Terminé en janvier et affiché tout récemment en ligne, le rapport arrive 11 ans après qu’un comité d’enquête examinant le décès de Louise Pargeter, publié en mars 2006, ait formulé des douzaines de recommandations pour renforcer la sécurité du personnel.

Eli Ulayuk a plaidé coupable, à Yellowknife, du meurtre au deuxième degré, en octobre 2004, de Mme Pargeter, mère de 34 ans originaire de Calgary. Il a été condamné à l’emprisonnement à perpétuité pour un crime que le juge avait qualifié de « brutal et ignoble ».

Le tribunal a appris qu’Ulayuk, qui était en libération conditionnelle pour un homicide involontaire coupable remontant à 1988, avait matraqué Mme Pargeter cinq fois avec un marteau, l’avait étranglée avec de la ficelle et avait sexuellement agressé son corps.

Seule et sans arme

Mme Pargeter était seule et sans arme au moment de la visite à domicile. Des modifications subséquentes aux politiques exigeaient des déploiements « en tandem » pour des délinquants avec antécédents de crimes sexuels ou violents.
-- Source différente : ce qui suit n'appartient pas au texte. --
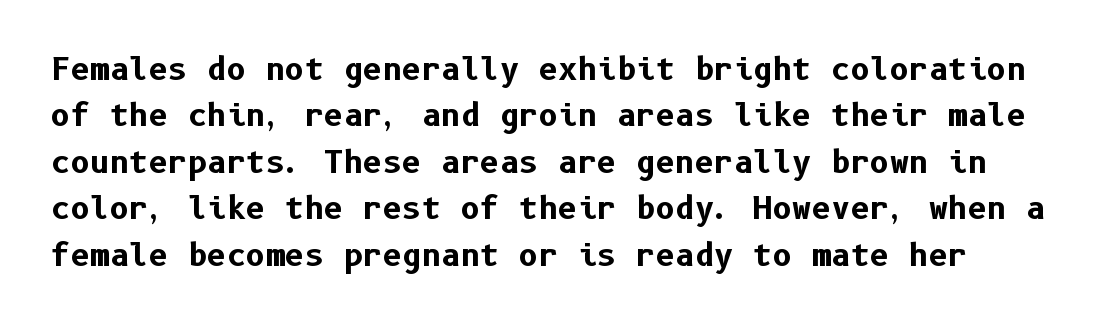
Weight: bold. Each row of text sits above clean, open space. Do the letters lean? They stand straight. Serifs: no, the terminals of the letterforms are clean. Default kerning and tracking; the words read as compact shapes. Regarding leading, the lines here are spaced in the standard way.

Certaines exceptions sont cependant faites dans certaines conditions et l’audit a conclu qu’on s’en servait souvent, y compris certaines exceptions reposant uniquement sur le fait que le profil de l’agent de libération conditionnelle (p. ex., homme ou femme) ne correspondait pas au profil de la victime du délinquant.

Selon le rapport, « [L]’exception peut compromettre la sécurité d’autres membres du personnel interagissant avec le délinquant dans la collectivité, dont des travailleurs sociaux, du personnel infirmer en santé mentale et des agents de réinsertion sociale ».

Environ 1 500 employés dans 92 bureaux de libération conditionnelle interagissent avec 8 000 délinquants dans les bureaux de libération conditionnelle, les centres correctionnels communautaires, chez le libéré conditionnel ou dans son lieu de travail. 

L’audit a relevé 141 incidents de sécurité dans la collectivité de juin 2012 à avril 2015, y compris 47 ayant directement compromis la sécurité d’un employé. Les incidents à signaler comprennent les décès ou blessures, la séquestration, la prise d’otage ou les incidents susceptibles de susciter l’attention soutenue des médias ou du ministre.

La partenaire de Mme Pargeter au moment de son décès, Anne Lynagh, dit que le SCC préconise une approche réactive plutôt que proactive aux incidents de sécurité, et qu’il consacre plus de ressources à découvrir ce qui est arrivé qu’à prévenir les incidents de sécurité.

« C’est incroyablement frustrant, » disait-elle. « Ils doivent avoir dépensé des millions de dollars pour le comité d’enquête pour Louise, et chaque recommandation qui figurait dans le rapport aurait pu être issue d’autres meurtres et décès au pays depuis le début de l’histoire. »

Mme Lynagh dit qu’il ne semble y avoir ni responsabilité ni punition ou mesure de suivi après des incidents de sécurité.

« Plus on considère tout ça, plus ça fait peur. C’est comme tout autre ministère : dès qu’il y a un problème, ça fait les manchettes, et le ministère dit “Eh oui, nous avons raté notre coup. Nous allons faire mieux. Faites-nous confiance” Ils apportent quelques changements… mais en réalité rien ne change. C’est comme la GRC. »

Appel pour des outils technologiques

Stan Stapleton, président national du Syndicat des employé-e-s du Solliciteur général, qui représente les agents de libération conditionnelle, croit que des investissements en technologie, comme les dispositifs de repérage par GPS et les alarmes de panique, pourraient grandement améliorer la sécurité des agents de libération conditionnelle.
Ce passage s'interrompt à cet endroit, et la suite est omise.